The second assignment of error concerns the court's ruling requiring the executor and attorney to refund fees they claim to have earned during administration of the two estates. The executor, William J. Walton, was ordered to repay all of the $2,500 fee he had collected, and the attorney, C.M. Clark, was ordered to repay $1,000 of the $1,500 he had collected. Both appeal the order claiming that the lower court lacked authority to order such a refund and even with proper authority the court did so without considering the reasonable value of services actually provided. Because we find the court lacked jurisdiction to consider the question of fees we do not address the need for a court evaluation of the reasonable value of services actually provided.
Analysis of the jurisdiction issue requires a brief summary of the respective roles of the court and personal representative in a nonintervention will. See generally Fletcher, Washington's Nonintervention Executor — Starting Point for Probate Simplification, 41 WASH. L. Rev. 33 (1966). The notion of a nonintervention will is one that allows the executor to deal with the estate's property without the need for court supervision. RCW 11.68 concerns the settlement of estates without court supervision, and the nonintervention statute, RCW 11.68.030, identifies the point at which the personal representative acquires the nonintervention powers.

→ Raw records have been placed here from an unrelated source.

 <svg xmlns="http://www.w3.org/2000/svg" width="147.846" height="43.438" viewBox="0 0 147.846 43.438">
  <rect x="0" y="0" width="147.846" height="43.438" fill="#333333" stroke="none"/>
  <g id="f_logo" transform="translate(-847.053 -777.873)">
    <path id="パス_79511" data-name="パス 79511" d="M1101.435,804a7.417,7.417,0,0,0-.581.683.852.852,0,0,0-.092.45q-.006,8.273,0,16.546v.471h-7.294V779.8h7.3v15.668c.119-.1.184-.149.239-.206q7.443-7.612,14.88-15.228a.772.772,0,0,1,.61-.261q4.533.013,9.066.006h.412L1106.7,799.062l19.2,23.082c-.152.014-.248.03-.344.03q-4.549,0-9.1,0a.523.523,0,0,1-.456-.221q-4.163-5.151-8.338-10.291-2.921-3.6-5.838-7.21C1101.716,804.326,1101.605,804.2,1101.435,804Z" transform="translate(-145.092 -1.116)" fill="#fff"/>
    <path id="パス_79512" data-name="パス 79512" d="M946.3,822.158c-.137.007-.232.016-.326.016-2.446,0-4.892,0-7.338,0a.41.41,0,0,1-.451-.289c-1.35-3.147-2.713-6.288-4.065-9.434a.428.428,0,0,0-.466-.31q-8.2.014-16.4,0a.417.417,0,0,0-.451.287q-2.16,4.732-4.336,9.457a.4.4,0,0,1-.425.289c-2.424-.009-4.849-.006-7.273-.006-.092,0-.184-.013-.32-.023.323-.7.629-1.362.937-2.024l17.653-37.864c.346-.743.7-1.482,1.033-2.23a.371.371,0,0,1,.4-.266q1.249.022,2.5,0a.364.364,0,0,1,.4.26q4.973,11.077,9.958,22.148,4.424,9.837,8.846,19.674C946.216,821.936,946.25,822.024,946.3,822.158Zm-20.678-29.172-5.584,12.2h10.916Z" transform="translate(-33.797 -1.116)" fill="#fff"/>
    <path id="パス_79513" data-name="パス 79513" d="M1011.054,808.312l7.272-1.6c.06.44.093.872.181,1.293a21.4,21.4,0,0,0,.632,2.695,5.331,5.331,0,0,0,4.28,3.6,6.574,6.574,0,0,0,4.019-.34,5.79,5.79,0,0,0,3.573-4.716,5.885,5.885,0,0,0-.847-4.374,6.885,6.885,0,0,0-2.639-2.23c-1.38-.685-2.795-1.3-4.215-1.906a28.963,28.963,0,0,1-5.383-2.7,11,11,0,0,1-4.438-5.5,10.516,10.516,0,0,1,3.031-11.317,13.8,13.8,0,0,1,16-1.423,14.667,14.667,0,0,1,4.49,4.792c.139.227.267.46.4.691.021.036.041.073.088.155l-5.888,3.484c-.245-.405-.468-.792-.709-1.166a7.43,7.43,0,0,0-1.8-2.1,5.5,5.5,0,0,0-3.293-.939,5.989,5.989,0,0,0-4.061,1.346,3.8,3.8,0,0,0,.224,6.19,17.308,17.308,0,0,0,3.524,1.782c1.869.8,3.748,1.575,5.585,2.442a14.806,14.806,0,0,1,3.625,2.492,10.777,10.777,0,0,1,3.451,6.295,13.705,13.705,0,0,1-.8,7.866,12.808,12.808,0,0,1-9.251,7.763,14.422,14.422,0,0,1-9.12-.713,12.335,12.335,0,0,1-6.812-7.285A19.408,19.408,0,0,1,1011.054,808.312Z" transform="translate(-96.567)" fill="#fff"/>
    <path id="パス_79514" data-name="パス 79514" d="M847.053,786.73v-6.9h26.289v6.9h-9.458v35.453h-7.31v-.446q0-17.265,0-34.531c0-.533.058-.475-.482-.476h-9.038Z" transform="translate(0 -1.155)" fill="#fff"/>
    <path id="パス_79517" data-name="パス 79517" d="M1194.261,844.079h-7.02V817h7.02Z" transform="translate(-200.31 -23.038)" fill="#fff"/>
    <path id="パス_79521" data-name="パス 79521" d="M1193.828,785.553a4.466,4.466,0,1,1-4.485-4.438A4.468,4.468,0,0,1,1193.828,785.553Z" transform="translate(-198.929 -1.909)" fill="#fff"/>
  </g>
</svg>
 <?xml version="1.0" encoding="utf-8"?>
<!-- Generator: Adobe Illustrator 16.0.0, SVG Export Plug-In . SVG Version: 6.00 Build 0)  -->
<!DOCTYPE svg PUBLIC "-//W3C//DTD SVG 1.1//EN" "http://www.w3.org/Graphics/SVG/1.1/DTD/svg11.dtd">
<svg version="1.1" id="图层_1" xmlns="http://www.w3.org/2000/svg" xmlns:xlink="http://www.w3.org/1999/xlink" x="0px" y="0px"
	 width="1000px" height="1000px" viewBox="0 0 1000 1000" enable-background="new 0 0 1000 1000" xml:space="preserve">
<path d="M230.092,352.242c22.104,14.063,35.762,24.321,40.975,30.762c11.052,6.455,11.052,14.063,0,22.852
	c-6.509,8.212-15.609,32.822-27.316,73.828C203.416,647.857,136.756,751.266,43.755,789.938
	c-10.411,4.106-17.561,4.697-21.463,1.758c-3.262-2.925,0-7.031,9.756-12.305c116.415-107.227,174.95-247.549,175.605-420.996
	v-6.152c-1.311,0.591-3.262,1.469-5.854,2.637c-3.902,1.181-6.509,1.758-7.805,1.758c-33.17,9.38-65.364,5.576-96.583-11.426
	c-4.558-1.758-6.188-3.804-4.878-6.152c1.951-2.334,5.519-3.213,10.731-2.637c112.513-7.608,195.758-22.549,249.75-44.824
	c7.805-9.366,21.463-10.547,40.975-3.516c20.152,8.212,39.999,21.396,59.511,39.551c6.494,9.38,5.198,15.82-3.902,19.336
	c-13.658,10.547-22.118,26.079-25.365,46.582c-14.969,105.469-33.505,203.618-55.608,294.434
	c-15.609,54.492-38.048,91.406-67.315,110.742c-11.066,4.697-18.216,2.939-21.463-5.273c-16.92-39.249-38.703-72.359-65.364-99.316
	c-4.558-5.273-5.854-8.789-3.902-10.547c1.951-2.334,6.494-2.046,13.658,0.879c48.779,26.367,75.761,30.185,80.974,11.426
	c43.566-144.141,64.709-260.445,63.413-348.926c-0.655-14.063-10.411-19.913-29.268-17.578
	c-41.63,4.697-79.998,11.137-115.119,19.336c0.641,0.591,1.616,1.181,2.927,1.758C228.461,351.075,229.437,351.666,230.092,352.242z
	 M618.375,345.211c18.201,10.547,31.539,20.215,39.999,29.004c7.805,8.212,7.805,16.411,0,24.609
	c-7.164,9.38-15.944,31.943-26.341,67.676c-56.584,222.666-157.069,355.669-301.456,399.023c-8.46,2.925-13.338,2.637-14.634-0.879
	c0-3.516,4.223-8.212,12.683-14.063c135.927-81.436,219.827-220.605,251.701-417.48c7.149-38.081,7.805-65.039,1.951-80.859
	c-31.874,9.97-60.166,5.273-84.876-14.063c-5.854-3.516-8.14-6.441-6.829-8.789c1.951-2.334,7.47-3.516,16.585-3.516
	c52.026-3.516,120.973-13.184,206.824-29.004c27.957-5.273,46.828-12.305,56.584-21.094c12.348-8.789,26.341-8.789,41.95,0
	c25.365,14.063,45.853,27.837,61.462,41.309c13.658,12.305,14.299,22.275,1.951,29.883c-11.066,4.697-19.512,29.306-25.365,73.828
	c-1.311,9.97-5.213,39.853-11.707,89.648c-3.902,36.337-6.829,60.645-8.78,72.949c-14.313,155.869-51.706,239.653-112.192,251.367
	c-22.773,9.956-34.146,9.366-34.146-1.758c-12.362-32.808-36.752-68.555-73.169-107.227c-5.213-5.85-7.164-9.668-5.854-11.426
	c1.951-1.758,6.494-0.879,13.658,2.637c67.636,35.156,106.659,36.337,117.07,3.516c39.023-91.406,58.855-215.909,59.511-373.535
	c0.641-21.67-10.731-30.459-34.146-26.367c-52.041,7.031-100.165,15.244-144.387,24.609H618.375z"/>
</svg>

Under RCW 11.68.030, upon entry of an order of solvency and the furnishing of any required bond the court loses jurisdiction. Quoting the language parallel in meaning to RCW 11.68.030, the court in In re Estate of Megrath, 142 Wn. 324, 326-27, 253 P. 455 (1927), said:
"After the probate of any such will . . . all such estates may be managed and settled without the intervention of the court."
This is not a limitation, but rather a grant of power to the executor. If in his judgment matters arise in the settlement of the estate requiring judicial determination, he may invoke the jurisdiction of the superior court, either in equity or in probate. But this must be of his own volition. The jurisdiction of the probate court can only be invoked by others in those cases where the statute has conferred the right.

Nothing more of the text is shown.